▶ **Work item**
Go through the entries and copy every line that has the string "clear" in it.

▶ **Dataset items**
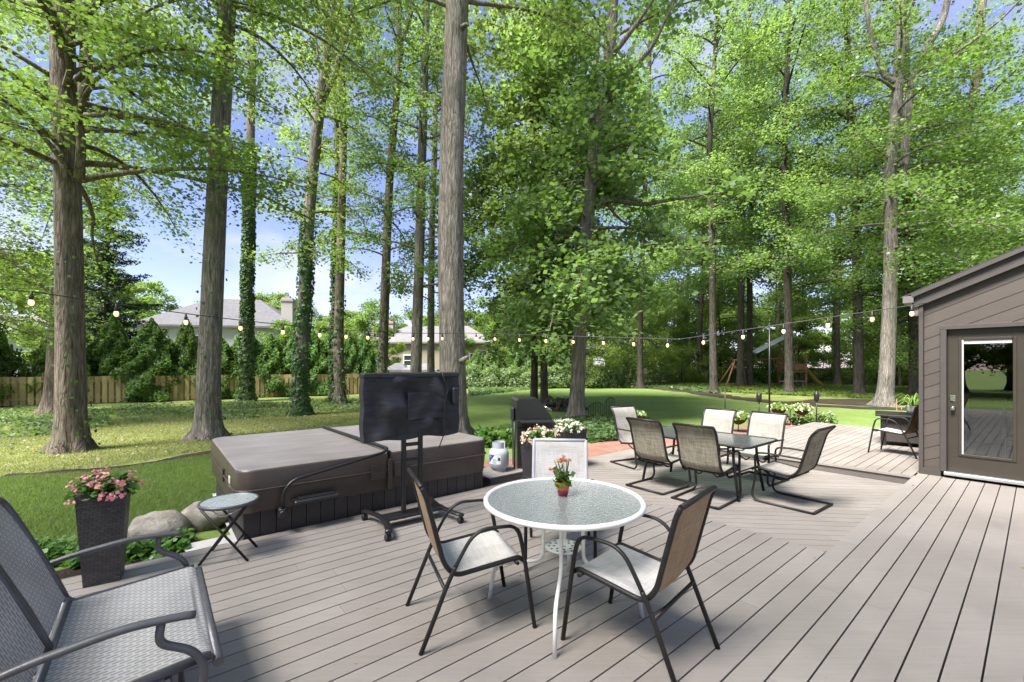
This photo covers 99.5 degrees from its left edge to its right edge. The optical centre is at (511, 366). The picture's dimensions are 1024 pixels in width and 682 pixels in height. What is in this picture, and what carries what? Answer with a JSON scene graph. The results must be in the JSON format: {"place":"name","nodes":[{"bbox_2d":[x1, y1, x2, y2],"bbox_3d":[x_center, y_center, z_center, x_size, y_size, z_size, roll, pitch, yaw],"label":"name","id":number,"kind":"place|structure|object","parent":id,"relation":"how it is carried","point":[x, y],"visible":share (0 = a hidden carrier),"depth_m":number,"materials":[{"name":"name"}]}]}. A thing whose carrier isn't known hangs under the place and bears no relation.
{"place":"outdoors","nodes":[
{"label":"outdoors","id":0,"kind":"place"},
{"bbox_2d":[0,453,215,542],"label":"grass","id":1,"kind":"structure","parent":0,"point":[36,501],"depth_m":6.02,"materials":[{"name":"green plant"}]},
{"bbox_2d":[136,296,317,349],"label":"neighbour house","id":2,"kind":"structure","parent":0,"point":[264,312],"depth_m":40.55,"materials":[{"name":"grey"}]},
{"bbox_2d":[375,320,499,368],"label":"neighbour house","id":3,"kind":"structure","parent":0,"point":[404,334],"depth_m":52.14,"materials":[{"name":"white paint"}]},
{"bbox_2d":[0,374,910,476],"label":"woodland floor","id":4,"kind":"structure","parent":0,"point":[785,398],"depth_m":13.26,"materials":[{"name":"green plant"}]},
{"bbox_2d":[0,322,31,402],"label":"arborvitae","id":5,"kind":"object","parent":4,"relation":"on","point":[9,366],"visible":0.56,"depth_m":19.75,"materials":[{"name":"green plant"}]},
{"bbox_2d":[0,85,46,347],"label":"maple tree","id":6,"kind":"object","parent":4,"relation":"on","point":[4,321],"visible":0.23,"depth_m":20.76,"materials":[{"name":"green plant"}]},
{"bbox_2d":[0,405,112,437],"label":"ground cover","id":7,"kind":"object","parent":4,"relation":"on","point":[101,417],"visible":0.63,"depth_m":13.42,"materials":[{"name":"green plant"}]},
{"bbox_2d":[18,329,109,396],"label":"arborvitae","id":8,"kind":"object","parent":4,"relation":"on","point":[37,362],"visible":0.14,"depth_m":20.23,"materials":[{"name":"green plant"}]},
{"bbox_2d":[1,245,161,335],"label":"broadleaf tree","id":9,"kind":"object","parent":4,"relation":"on","point":[133,289],"visible":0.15,"depth_m":51.91,"materials":[{"name":"green plant"}]},
{"bbox_2d":[0,0,179,353],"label":"maple tree","id":10,"kind":"object","parent":4,"relation":"on","point":[11,273],"visible":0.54,"depth_m":13.05,"materials":[{"name":"green plant"}]},
{"bbox_2d":[35,160,169,348],"bbox_3d":[-23.370,-5.316,24.858,5.625,14.208,6.171,0,0,0],"label":"spruce tree","id":11,"kind":"object","parent":4,"relation":"on","point":[106,293],"visible":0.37,"depth_m":24.82,"materials":[{"name":"green plant"}]},
{"bbox_2d":[3,450,210,476],"bbox_3d":[-6.439,1.766,8.853,1.152,0.001,5.359,0,0,35],"label":"mulch border","id":12,"kind":"object","parent":4,"relation":"on","point":[121,466],"visible":0.43,"depth_m":7.51,"materials":[{"name":"brown soil"}]},
{"bbox_2d":[86,313,141,400],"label":"arborvitae","id":13,"kind":"object","parent":4,"relation":"on","point":[116,340],"visible":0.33,"depth_m":21.72,"materials":[{"name":"green plant"}]},
{"bbox_2d":[0,0,241,414],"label":"forest tree","id":14,"kind":"object","parent":4,"relation":"on","point":[46,402],"visible":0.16,"depth_m":15.91,"materials":[{"name":"green plant"}]},
{"bbox_2d":[93,278,181,339],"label":"broadleaf tree","id":15,"kind":"object","parent":4,"relation":"on","point":[156,288],"visible":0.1,"depth_m":70.22,"materials":[{"name":"green plant"}]},
{"bbox_2d":[107,317,190,401],"bbox_3d":[-18.873,-0.402,22.776,3.997,4.371,3.976,0,0,15],"label":"arborvitae","id":16,"kind":"object","parent":4,"relation":"on","point":[149,338],"visible":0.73,"depth_m":21.91,"materials":[{"name":"green plant"}]},
{"bbox_2d":[0,0,336,455],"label":"maple tree","id":17,"kind":"object","parent":4,"relation":"on","point":[69,146],"visible":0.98,"depth_m":8.98,"materials":[{"name":"green plant"}]},
{"bbox_2d":[0,374,359,405],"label":"board fence","id":18,"kind":"object","parent":4,"relation":"on","point":[106,389],"visible":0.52,"depth_m":21.17,"materials":[{"name":"brown wood"}]},
{"bbox_2d":[163,317,197,395],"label":"arborvitae","id":19,"kind":"object","parent":4,"relation":"on","point":[186,337],"visible":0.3,"depth_m":23.36,"materials":[{"name":"green plant"}]},
{"bbox_2d":[185,337,238,397],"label":"arborvitae","id":20,"kind":"object","parent":4,"relation":"on","point":[227,363],"visible":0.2,"depth_m":23.78,"materials":[{"name":"green plant"}]},
{"bbox_2d":[100,397,359,420],"bbox_3d":[-11.227,1.706,17.840,10.709,0.216,7.993,0,0,-20],"label":"ground cover","id":21,"kind":"object","parent":4,"relation":"on","point":[141,408],"visible":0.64,"depth_m":17.39,"materials":[{"name":"green plant"}]},
{"bbox_2d":[82,0,405,441],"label":"oak tree","id":22,"kind":"object","parent":4,"relation":"on","point":[207,423],"visible":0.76,"depth_m":10.53,"materials":[{"name":"grey plant"}]},
{"bbox_2d":[197,0,308,401],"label":"ivy clad tree","id":23,"kind":"object","parent":4,"relation":"on","point":[246,364],"visible":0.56,"depth_m":21.92,"materials":[{"name":"green plant"}]},
{"bbox_2d":[253,333,290,396],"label":"arborvitae","id":24,"kind":"object","parent":4,"relation":"on","point":[272,352],"visible":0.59,"depth_m":25.27,"materials":[{"name":"green plant"}]},
{"bbox_2d":[289,329,328,395],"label":"arborvitae","id":25,"kind":"object","parent":4,"relation":"on","point":[316,350],"visible":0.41,"depth_m":26.46,"materials":[{"name":"green plant"}]},
{"bbox_2d":[232,0,399,416],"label":"maple tree","id":26,"kind":"object","parent":4,"relation":"on","point":[299,385],"visible":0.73,"depth_m":15.58,"materials":[{"name":"green plant"}]},
{"bbox_2d":[266,33,403,403],"bbox_3d":[-7.978,-9.329,20.960,5.460,22.331,5.773,0,0,0],"label":"ivy clad tree","id":27,"kind":"object","parent":4,"relation":"on","point":[329,398],"visible":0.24,"depth_m":20.81,"materials":[{"name":"green plant"}]},
{"bbox_2d":[266,0,408,405],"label":"ash tree","id":28,"kind":"object","parent":4,"relation":"on","point":[340,387],"visible":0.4,"depth_m":19.32,"materials":[{"name":"green plant"}]},
{"bbox_2d":[344,331,364,380],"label":"arborvitae","id":29,"kind":"object","parent":4,"relation":"on","point":[350,343],"visible":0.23,"depth_m":28.31,"materials":[{"name":"green plant"}]},
{"bbox_2d":[348,331,377,373],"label":"arborvitae","id":30,"kind":"object","parent":4,"relation":"on","point":[366,349],"visible":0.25,"depth_m":28.96,"materials":[{"name":"green plant"}]},
{"bbox_2d":[344,297,407,339],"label":"broadleaf tree","id":31,"kind":"object","parent":4,"relation":"on","point":[361,321],"visible":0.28,"depth_m":73.46,"materials":[{"name":"green plant"}]},
{"bbox_2d":[319,0,443,372],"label":"ash tree","id":32,"kind":"object","parent":4,"relation":"on","point":[383,360],"visible":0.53,"depth_m":19.29,"materials":[{"name":"green plant"}]},
{"bbox_2d":[318,0,505,371],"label":"ash tree","id":33,"kind":"object","parent":4,"relation":"on","point":[419,284],"visible":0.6,"depth_m":17.61,"materials":[{"name":"green plant"}]},
{"bbox_2d":[370,2,494,371],"bbox_3d":[-4.324,-10.503,23.337,6.648,24.666,6.606,0,0,0],"label":"ash tree","id":34,"kind":"object","parent":4,"relation":"on","point":[430,320],"visible":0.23,"depth_m":23.25,"materials":[{"name":"green plant"}]},
{"bbox_2d":[468,381,716,395],"bbox_3d":[7.868,1.674,38.333,24.663,0.382,21.611,0,0,-9],"label":"ground cover","id":35,"kind":"object","parent":4,"relation":"on","point":[478,390],"visible":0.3,"depth_m":33.28,"materials":[{"name":"green plant"}]},
{"bbox_2d":[599,268,680,379],"bbox_3d":[11.604,-3.818,39.177,7.748,11.293,7.703,0,0,4],"label":"understory tree","id":36,"kind":"object","parent":4,"relation":"on","point":[647,355],"visible":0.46,"depth_m":38.21,"materials":[{"name":"green plant"}]},
{"bbox_2d":[587,0,721,387],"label":"forest tree","id":37,"kind":"object","parent":4,"relation":"on","point":[640,381],"visible":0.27,"depth_m":35.00,"materials":[{"name":"green plant"}]},
{"bbox_2d":[623,252,696,366],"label":"understory tree","id":38,"kind":"object","parent":4,"relation":"on","point":[676,315],"visible":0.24,"depth_m":46.97,"materials":[{"name":"green plant"}]},
{"bbox_2d":[659,344,703,382],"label":"understory shrub","id":39,"kind":"object","parent":4,"relation":"on","point":[691,352],"visible":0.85,"depth_m":43.75,"materials":[{"name":"green plant"}]},
{"bbox_2d":[637,127,782,382],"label":"forest tree","id":40,"kind":"object","parent":4,"relation":"on","point":[700,300],"visible":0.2,"depth_m":43.48,"materials":[{"name":"green plant"}]},
{"bbox_2d":[676,258,773,373],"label":"understory tree","id":41,"kind":"object","parent":4,"relation":"on","point":[730,336],"visible":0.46,"depth_m":44.89,"materials":[{"name":"green plant"}]},
{"bbox_2d":[628,0,825,392],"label":"forest tree","id":42,"kind":"object","parent":4,"relation":"on","point":[710,158],"visible":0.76,"depth_m":28.24,"materials":[{"name":"green plant"}]},
{"bbox_2d":[585,387,905,409],"bbox_3d":[12.832,1.766,27.220,6.295,0.001,24.469,0,0,-26],"label":"mulch border","id":43,"kind":"object","parent":4,"relation":"on","point":[720,395],"visible":0.69,"depth_m":22.50,"materials":[{"name":"brown soil"}]},
{"bbox_2d":[669,0,827,386],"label":"forest tree","id":44,"kind":"object","parent":4,"relation":"on","point":[740,380],"visible":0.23,"depth_m":35.92,"materials":[{"name":"green plant"}]},
{"bbox_2d":[676,0,838,385],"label":"forest tree","id":45,"kind":"object","parent":4,"relation":"on","point":[749,354],"visible":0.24,"depth_m":36.93,"materials":[{"name":"green plant"}]},
{"bbox_2d":[718,332,823,385],"bbox_3d":[22.127,-0.499,37.328,7.819,4.641,2.469,0,0,8],"label":"playset","id":46,"kind":"object","parent":4,"relation":"on","point":[780,338],"visible":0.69,"depth_m":37.26,"materials":[{"name":"red wood"}]},
{"bbox_2d":[722,164,844,366],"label":"forest tree","id":47,"kind":"object","parent":4,"relation":"on","point":[762,309],"visible":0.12,"depth_m":52.79,"materials":[{"name":"green plant"}]},
{"bbox_2d":[656,381,918,398],"bbox_3d":[20.300,1.686,35.778,18.417,0.382,21.826,0,0,-45],"label":"ground cover","id":48,"kind":"object","parent":4,"relation":"on","point":[831,390],"visible":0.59,"depth_m":30.35,"materials":[{"name":"green plant"}]},
{"bbox_2d":[693,0,883,394],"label":"forest tree","id":49,"kind":"object","parent":4,"relation":"on","point":[786,73],"visible":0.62,"depth_m":26.92,"materials":[{"name":"green plant"}]},
{"bbox_2d":[754,305,832,367],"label":"broadleaf tree","id":50,"kind":"object","parent":4,"relation":"on","point":[807,327],"visible":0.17,"depth_m":54.83,"materials":[{"name":"green plant"}]},
{"bbox_2d":[771,315,825,364],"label":"broadleaf tree","id":51,"kind":"object","parent":4,"relation":"on","point":[802,342],"visible":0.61,"depth_m":48.88,"materials":[{"name":"green plant"}]},
{"bbox_2d":[801,349,849,383],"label":"understory shrub","id":52,"kind":"object","parent":4,"relation":"on","point":[824,378],"visible":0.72,"depth_m":42.76,"materials":[{"name":"green plant"}]},
{"bbox_2d":[824,338,877,384],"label":"understory shrub","id":53,"kind":"object","parent":4,"relation":"on","point":[849,371],"visible":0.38,"depth_m":42.31,"materials":[{"name":"green plant"}]},
{"bbox_2d":[789,399,918,404],"bbox_3d":[17.819,1.760,21.572,7.884,0.001,3.899,0,0,0],"label":"mulch bed","id":54,"kind":"object","parent":4,"relation":"on","point":[847,401],"visible":0.54,"depth_m":21.79,"materials":[{"name":"brown soil"}]},
{"bbox_2d":[765,0,1023,406],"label":"forked maple tree","id":55,"kind":"object","parent":54,"relation":"on","point":[900,128],"visible":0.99,"depth_m":18.33,"materials":[{"name":"green plant"}]},
{"bbox_2d":[765,95,948,384],"bbox_3d":[29.923,-11.527,39.283,14.193,26.735,12.417,0,0,24],"label":"forest tree","id":56,"kind":"object","parent":4,"relation":"on","point":[837,367],"visible":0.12,"depth_m":39.76,"materials":[{"name":"green plant"}]},
{"bbox_2d":[757,0,996,393],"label":"forest tree","id":57,"kind":"object","parent":4,"relation":"on","point":[858,387],"visible":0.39,"depth_m":26.16,"materials":[{"name":"green plant"}]},
{"bbox_2d":[841,261,934,386],"bbox_3d":[33.956,-4.471,38.223,7.626,12.611,8.765,0,0,-34],"label":"understory tree","id":58,"kind":"object","parent":4,"relation":"on","point":[900,360],"visible":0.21,"depth_m":38.50,"materials":[{"name":"green plant"}]},
{"bbox_2d":[808,8,1023,396],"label":"forest tree","id":59,"kind":"object","parent":4,"relation":"on","point":[913,357],"visible":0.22,"depth_m":25.31,"materials":[{"name":"green plant"}]},
{"bbox_2d":[821,0,1023,321],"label":"forest tree","id":60,"kind":"object","parent":4,"relation":"on","point":[981,12],"visible":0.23,"depth_m":22.89,"materials":[{"name":"green plant"}]},
{"bbox_2d":[875,91,1023,318],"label":"forest tree","id":61,"kind":"object","parent":4,"relation":"on","point":[1001,139],"visible":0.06,"depth_m":37.55,"materials":[{"name":"green plant"}]},
{"bbox_2d":[0,0,1023,367],"label":"sky","id":62,"kind":"structure","parent":0,"point":[167,264],"materials":[{"name":"blue"}]},
{"bbox_2d":[54,368,1023,570],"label":"lawn","id":63,"kind":"structure","parent":0,"point":[663,407],"depth_m":18.81,"materials":[{"name":"green plant"}]},
{"bbox_2d":[127,510,190,540],"bbox_3d":[-3.635,1.690,4.456,0.516,0.383,0.471,0,0,-15],"label":"boulder","id":64,"kind":"object","parent":63,"relation":"on","point":[160,521],"visible":0.59,"depth_m":4.37,"materials":[{"name":"grey stone"}]},
{"bbox_2d":[184,493,236,551],"bbox_3d":[-2.343,1.720,5.673,3.160,0.001,2.465,0,0,-40],"label":"concrete pad","id":65,"kind":"object","parent":63,"relation":"on","point":[206,543],"visible":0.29,"depth_m":4.24,"materials":[{"name":"grey concrete"}]},
{"bbox_2d":[181,501,227,531],"bbox_3d":[-3.413,1.677,4.849,0.558,0.347,0.440,0,0,-1],"label":"boulder","id":66,"kind":"object","parent":65,"relation":"on","point":[197,518],"visible":0.44,"depth_m":4.68,"materials":[{"name":"grey stone"}]},
{"bbox_2d":[209,425,485,540],"bbox_3d":[-2.122,1.303,5.686,2.859,0.830,2.566,0,0,-40],"label":"hot tub","id":67,"kind":"object","parent":65,"relation":"on","point":[299,478],"visible":0.83,"depth_m":4.69,"materials":[{"name":"brown plastic"}]},
{"bbox_2d":[264,0,632,434],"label":"tall tree","id":68,"kind":"object","parent":63,"relation":"on","point":[452,356],"visible":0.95,"depth_m":10.87,"materials":[{"name":"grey plant"}]},
{"bbox_2d":[425,0,644,399],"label":"buckeye tree","id":69,"kind":"object","parent":63,"relation":"on","point":[534,142],"visible":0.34,"depth_m":17.71,"materials":[{"name":"green plant"}]},
{"bbox_2d":[437,0,665,406],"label":"buckeye tree","id":70,"kind":"object","parent":63,"relation":"on","point":[545,62],"visible":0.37,"depth_m":17.11,"materials":[{"name":"green plant"}]},
{"bbox_2d":[550,294,637,388],"bbox_3d":[6.861,-3.729,36.011,7.486,11.118,6.831,0,0,-26],"label":"understory tree","id":71,"kind":"object","parent":63,"relation":"on","point":[591,356],"visible":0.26,"depth_m":35.56,"materials":[{"name":"green plant"}]},
{"bbox_2d":[729,456,1015,681],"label":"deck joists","id":72,"kind":"object","parent":63,"relation":"on","point":[967,591],"depth_m":3.03,"materials":[{"name":"brown wood"}]},
{"bbox_2d":[61,422,909,579],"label":"deck fascia","id":73,"kind":"structure","parent":72,"relation":"on","point":[873,475],"depth_m":6.80,"materials":[{"name":"paint"}]},
{"bbox_2d":[32,473,1023,681],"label":"deck","id":74,"kind":"structure","parent":72,"relation":"on","point":[323,602],"depth_m":2.88,"materials":[{"name":"paint"}]},
{"bbox_2d":[63,467,147,587],"bbox_3d":[-3.029,1.165,3.245,0.459,0.829,0.509,0,0,-35],"label":"wicker planter","id":75,"kind":"object","parent":74,"relation":"on","point":[101,501],"visible":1,"depth_m":3.14,"materials":[{"name":"black wicker"}]},
{"bbox_2d":[0,497,223,681],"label":"glider bench","id":76,"kind":"object","parent":74,"relation":"on","point":[133,631],"visible":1,"depth_m":1.90,"materials":[{"name":"grey fabric"}]},
{"bbox_2d":[197,492,258,565],"bbox_3d":[-2.360,1.350,3.620,0.436,0.473,0.436,0,0,-18],"label":"folding side table","id":77,"kind":"object","parent":74,"relation":"on","point":[242,501],"visible":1,"depth_m":3.54,"materials":[{"name":"clear glass"}]},
{"bbox_2d":[359,372,463,540],"bbox_3d":[-1.018,0.821,4.420,1.032,1.518,0.742,0,0,-36],"label":"covered television","id":78,"kind":"object","parent":74,"relation":"on","point":[403,407],"visible":1,"depth_m":4.34,"materials":[{"name":"black fabric"}]},
{"bbox_2d":[406,467,536,655],"bbox_3d":[-0.278,1.123,2.748,0.711,0.925,0.563,0,0,-21],"label":"stacking chair","id":79,"kind":"object","parent":74,"relation":"on","point":[479,550],"visible":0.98,"depth_m":2.62,"materials":[{"name":"fabric"}]},
{"bbox_2d":[483,465,522,487],"bbox_3d":[-0.218,1.680,6.585,0.720,0.200,0.556,0,0,-39],"label":"step box","id":80,"kind":"object","parent":74,"relation":"on","point":[491,477],"visible":0.6,"depth_m":6.38,"materials":[{"name":"paint"}]},
{"bbox_2d":[489,441,508,471],"bbox_3d":[-0.200,1.360,6.579,0.304,0.440,0.306,0,0,14],"label":"propane tank","id":81,"kind":"object","parent":80,"relation":"on","point":[498,457],"visible":1,"depth_m":6.47,"materials":[{"name":"white metal"}]},
{"bbox_2d":[520,424,559,479],"bbox_3d":[0.399,1.188,5.950,0.521,0.784,0.604,0,0,44],"label":"wicker planter","id":82,"kind":"object","parent":74,"relation":"on","point":[526,443],"visible":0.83,"depth_m":5.88,"materials":[{"name":"black wicker"}]},
{"bbox_2d":[524,438,596,558],"bbox_3d":[0.403,1.123,3.647,0.563,0.925,0.711,0,0,6],"label":"stacking chair","id":83,"kind":"object","parent":74,"relation":"on","point":[546,452],"visible":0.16,"depth_m":3.93,"materials":[{"name":"fabric"}]},
{"bbox_2d":[483,477,645,658],"bbox_3d":[0.335,1.218,2.840,1.042,0.727,1.042,0,0,0],"label":"round table","id":84,"kind":"object","parent":74,"relation":"on","point":[521,502],"visible":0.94,"depth_m":2.74,"materials":[{"name":"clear glass"}]},
{"bbox_2d":[548,455,575,496],"bbox_3d":[0.335,0.731,2.914,0.170,0.271,0.165,0,0,-23],"label":"flower pot","id":85,"kind":"object","parent":84,"relation":"on","point":[562,483],"visible":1,"depth_m":2.90,"materials":[{"name":"green plant"}]},
{"bbox_2d":[561,485,719,681],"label":"stacking chair","id":86,"kind":"object","parent":74,"relation":"on","point":[631,572],"visible":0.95,"depth_m":2.37,"materials":[{"name":"fabric"}]},
{"bbox_2d":[729,422,918,475],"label":"raised deck","id":87,"kind":"structure","parent":72,"relation":"on","point":[846,445],"depth_m":8.25,"materials":[{"name":"paint"}]},
{"bbox_2d":[867,405,918,458],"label":"stacking chair","id":88,"kind":"object","parent":87,"relation":"on","point":[913,426],"visible":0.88,"depth_m":7.67,"materials":[{"name":"metal"}]},
{"bbox_2d":[875,410,918,445],"bbox_3d":[7.980,1.269,8.750,1.000,0.622,1.000,0,0,40],"label":"fire table","id":89,"kind":"object","parent":87,"relation":"on","point":[902,424],"visible":0.41,"depth_m":8.61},
{"bbox_2d":[901,245,1023,485],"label":"house","id":90,"kind":"structure","parent":63,"relation":"on","point":[971,349],"depth_m":6.19,"materials":[{"name":"brown"}]},
{"bbox_2d":[947,327,1023,479],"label":"door","id":91,"kind":"structure","parent":90,"relation":"in","point":[957,461],"depth_m":5.98,"materials":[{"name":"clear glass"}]},
{"label":"mulch bed","id":92,"kind":"structure","parent":63,"relation":"on","visible":0},
{"bbox_2d":[552,414,653,442],"bbox_3d":[2.487,1.669,11.979,3.121,0.272,4.698,0,0,12],"label":"ground cover","id":93,"kind":"object","parent":92,"relation":"on","point":[600,428],"visible":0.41,"depth_m":11.83,"materials":[{"name":"green plant"}]},
{"bbox_2d":[466,0,766,417],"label":"old maple tree","id":94,"kind":"object","parent":92,"relation":"on","point":[642,138],"visible":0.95,"depth_m":13.13,"materials":[{"name":"green plant"}]},
{"bbox_2d":[484,420,995,485],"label":"brick patio","id":95,"kind":"structure","parent":0,"point":[599,448],"depth_m":9.37,"materials":[{"name":"red brick"}]},
{"bbox_2d":[510,396,555,468],"bbox_3d":[0.320,1.127,7.053,0.690,1.245,1.100,0,0,-8],"label":"gas grill","id":96,"kind":"object","parent":95,"relation":"on","point":[526,412],"visible":0.66,"depth_m":6.75,"materials":[{"name":"black metal"}]},
{"bbox_2d":[550,418,586,438],"bbox_3d":[0.921,1.304,7.442,0.676,0.833,0.691,0,0,-35],"label":"wicker planter","id":97,"kind":"object","parent":95,"relation":"on","point":[568,428],"visible":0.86,"depth_m":7.27,"materials":[{"name":"plant"}]},
{"bbox_2d":[588,447,903,552],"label":"deck","id":98,"kind":"structure","parent":95,"relation":"on","point":[855,500],"depth_m":5.78,"materials":[{"name":"paint"}]},
{"bbox_2d":[610,405,662,468],"bbox_3d":[2.173,1.220,7.611,0.623,1.002,0.767,0,0,-26],"label":"spring chair","id":99,"kind":"object","parent":98,"relation":"on","point":[622,426],"visible":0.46,"depth_m":7.78,"materials":[{"name":"beige fabric"}]},
{"bbox_2d":[625,417,690,494],"bbox_3d":[2.087,1.220,6.221,0.767,1.002,0.623,0,0,-37],"label":"spring chair","id":100,"kind":"object","parent":98,"relation":"on","point":[648,440],"visible":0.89,"depth_m":6.07,"materials":[{"name":"beige fabric"}]},
{"bbox_2d":[671,422,741,509],"bbox_3d":[2.518,1.220,5.636,0.766,1.002,0.623,0,0,-41],"label":"spring chair","id":101,"kind":"object","parent":98,"relation":"on","point":[698,449],"visible":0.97,"depth_m":5.49,"materials":[{"name":"beige fabric"}]},
{"bbox_2d":[682,408,737,475],"bbox_3d":[3.278,1.220,7.174,0.767,1.002,0.623,0,0,-40],"label":"spring chair","id":102,"kind":"object","parent":98,"relation":"on","point":[720,420],"visible":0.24,"depth_m":7.31,"materials":[{"name":"beige fabric"}]},
{"bbox_2d":[642,426,777,501],"bbox_3d":[2.738,1.357,6.300,1.032,0.731,1.752,0,0,-39],"label":"dining table","id":103,"kind":"object","parent":98,"relation":"on","point":[733,441],"visible":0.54,"depth_m":5.94,"materials":[{"name":"clear glass"}]},
{"bbox_2d":[726,411,789,485],"bbox_3d":[3.746,1.220,6.606,0.767,1.002,0.623,0,0,-36],"label":"spring chair","id":104,"kind":"object","parent":98,"relation":"on","point":[767,424],"visible":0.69,"depth_m":6.68,"materials":[{"name":"beige fabric"}]},
{"bbox_2d":[751,425,835,514],"bbox_3d":[3.530,1.220,5.459,0.623,1.002,0.767,0,0,-36],"label":"spring chair","id":105,"kind":"object","parent":98,"relation":"on","point":[812,452],"visible":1,"depth_m":5.36,"materials":[{"name":"beige fabric"}]},
{"bbox_3d":[-6.400,0.305,3.750,0.060,2.950,0.060,0,0,0],"label":"light pole","id":106,"kind":"object","parent":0,"visible":0},
{"bbox_2d":[0,289,926,346],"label":"string lights","id":107,"kind":"object","parent":106,"relation":"hanging from","point":[31,302],"visible":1,"depth_m":7.12,"materials":[{"name":"white plastic"}]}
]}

▶ **Answer area**
{"bbox_2d":[197,492,258,565],"bbox_3d":[-2.360,1.350,3.620,0.436,0.473,0.436,0,0,-18],"label":"folding side table","id":77,"kind":"object","parent":74,"relation":"on","point":[242,501],"visible":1,"depth_m":3.54,"materials":[{"name":"clear glass"}]},
{"bbox_2d":[483,477,645,658],"bbox_3d":[0.335,1.218,2.840,1.042,0.727,1.042,0,0,0],"label":"round table","id":84,"kind":"object","parent":74,"relation":"on","point":[521,502],"visible":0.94,"depth_m":2.74,"materials":[{"name":"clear glass"}]},
{"bbox_2d":[947,327,1023,479],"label":"door","id":91,"kind":"structure","parent":90,"relation":"in","point":[957,461],"depth_m":5.98,"materials":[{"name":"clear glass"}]},
{"bbox_2d":[642,426,777,501],"bbox_3d":[2.738,1.357,6.300,1.032,0.731,1.752,0,0,-39],"label":"dining table","id":103,"kind":"object","parent":98,"relation":"on","point":[733,441],"visible":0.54,"depth_m":5.94,"materials":[{"name":"clear glass"}]},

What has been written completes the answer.